Deep Learning Kernel Software Performance Architect - New College Grad 2026
Excelero Storage
NVIDIA has been transforming computer graphics, PC gaming, and accelerated computing for more than 25 years. It’s a unique legacy of innovation that’s fueled by great technology—and amazing people. Today, we’re tapping into the unlimited potential of AI to define the next era of computing. An era in which our GPU acts as the brains of computers, robots, and self-driving cars that can understand the world. Doing what’s never been done before takes vision, innovation, and the world’s best talent. As an NVIDIAN, you’ll be immersed in a diverse, supportive environment where everyone is inspired to do their best work. Come join the team and see how you can make a lasting impact on the world.
We are looking for a Performance Architect for Deep Learning Software! NVIDIA is seeking extraordinary architects to develop processor and system architectures that accelerate machine learning, data analytics and high-performance computing applications.
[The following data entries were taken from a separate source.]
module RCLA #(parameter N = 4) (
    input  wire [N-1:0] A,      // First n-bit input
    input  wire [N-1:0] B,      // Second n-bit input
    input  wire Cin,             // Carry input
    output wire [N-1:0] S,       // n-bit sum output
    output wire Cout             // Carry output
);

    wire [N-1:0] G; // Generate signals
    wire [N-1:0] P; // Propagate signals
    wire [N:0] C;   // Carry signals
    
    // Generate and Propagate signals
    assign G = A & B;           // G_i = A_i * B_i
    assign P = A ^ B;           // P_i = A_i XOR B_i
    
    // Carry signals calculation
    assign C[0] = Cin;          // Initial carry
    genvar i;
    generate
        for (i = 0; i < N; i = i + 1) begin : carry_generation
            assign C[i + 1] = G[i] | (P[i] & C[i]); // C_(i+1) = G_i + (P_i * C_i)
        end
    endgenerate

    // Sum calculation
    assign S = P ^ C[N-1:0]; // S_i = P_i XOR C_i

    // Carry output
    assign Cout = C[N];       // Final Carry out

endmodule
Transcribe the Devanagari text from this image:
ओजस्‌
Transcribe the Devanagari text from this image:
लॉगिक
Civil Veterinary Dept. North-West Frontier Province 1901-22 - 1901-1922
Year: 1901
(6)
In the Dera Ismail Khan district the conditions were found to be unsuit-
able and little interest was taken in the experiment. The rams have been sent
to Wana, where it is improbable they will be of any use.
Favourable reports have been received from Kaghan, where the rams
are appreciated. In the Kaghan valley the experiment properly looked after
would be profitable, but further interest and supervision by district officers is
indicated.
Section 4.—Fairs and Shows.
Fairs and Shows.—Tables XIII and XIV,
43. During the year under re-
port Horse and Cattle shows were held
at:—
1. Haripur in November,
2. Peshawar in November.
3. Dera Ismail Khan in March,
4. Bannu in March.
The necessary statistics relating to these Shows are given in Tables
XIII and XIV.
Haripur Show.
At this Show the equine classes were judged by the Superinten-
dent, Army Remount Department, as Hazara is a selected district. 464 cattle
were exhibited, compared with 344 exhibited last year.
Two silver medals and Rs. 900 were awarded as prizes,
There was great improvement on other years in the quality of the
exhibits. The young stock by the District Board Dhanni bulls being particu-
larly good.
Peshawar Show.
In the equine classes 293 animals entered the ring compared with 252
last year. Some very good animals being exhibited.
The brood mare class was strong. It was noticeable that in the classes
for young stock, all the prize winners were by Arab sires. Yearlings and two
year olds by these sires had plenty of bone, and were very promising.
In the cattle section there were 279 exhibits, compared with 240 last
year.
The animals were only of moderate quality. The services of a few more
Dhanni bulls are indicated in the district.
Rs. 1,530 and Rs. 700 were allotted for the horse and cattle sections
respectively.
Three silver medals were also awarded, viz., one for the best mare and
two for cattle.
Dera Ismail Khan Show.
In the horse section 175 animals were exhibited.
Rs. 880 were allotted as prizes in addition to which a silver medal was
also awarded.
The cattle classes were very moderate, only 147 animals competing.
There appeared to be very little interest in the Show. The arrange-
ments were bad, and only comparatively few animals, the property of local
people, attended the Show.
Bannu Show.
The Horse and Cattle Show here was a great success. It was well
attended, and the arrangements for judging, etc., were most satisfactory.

This position offers the chance to create a relevant impact in a dynamic, technology-focused company.
What you'll be doing:
As a member of our Deep Learning Architecture team, you will:
Validate and analyze performance of GPU-accelerated system and software architectures that advance the frontier of deep learning performance.
Debug deep learning and data analytics software to identify root causes of performance bottlenecks.
Develop scripts and tools to analyze, visualize, and debug software using analytical models, simulators, and test suites
Collaborate across NVIDIA teams:
Work with the CUDA and AI Compiler teams to pinpoint and resolve performance issues
Engage AI/ML training and inference performance teams to identify and optimize critical deep learning layers
Collaborate with hardware architecture performance teams to define expectations for emerging deep learning hardware features
What we need to see:
Master's or PhD in Computer Science, Electrical Engineering or Computer Engineering, or equivalent experience.
Proven expertise in software design, including debugging, performance analysis, and test development
Hands-on experience with practical parallel programming, even if it’s not on GPUs.
Strong understanding of computer architecture, with practical experience on performance debugging.
Ability to identify bottlenecks, optimize resource utilization, and enhance system throughput
Fluency in programming languages such as Python, C, C++.
Ways to stand out from the crowd:
Strong foundation in machine learning and deep learning fundamentals to complement your expertise in computer architecture.
A strong background in high performance power efficient designs, energy efficient high-performance computing, performance analysis and profiling to identify performance bottlenecks.
Experience and familiarity with GPU computing and parallel programming models.
Work experience with analytical performance modeling, profiling, and analysis
Widely considered to be one of the technology world’s most desirable employers, NVIDIA offers highly competitive salaries and a comprehensive benefits package. As you plan your future, see what we can offer to you and your family www.nvidiabenefits.com/
Your base salary will be determined based on your location, experience, and the pay of employees in similar positions. The base salary range is 124,000 USD - 195,500 USD for Level 2, and 152,000 USD - 241,500 USD for Level 3.You will also be eligible for equity and benefits.
This posting is for an existing vacancy.
NVIDIA uses AI tools in its recruiting processes.
NVIDIA is committed to fostering a diverse work environment and proud to be an equal opportunity employer. As we highly value diversity in our current and future employees, we do not discriminate (including in our hiring and promotion practices) on the basis of race, religion, color, national origin, gender, gender expression, sexual orientation, age, marital status, veteran status, disability status or any other characteristic protected by law.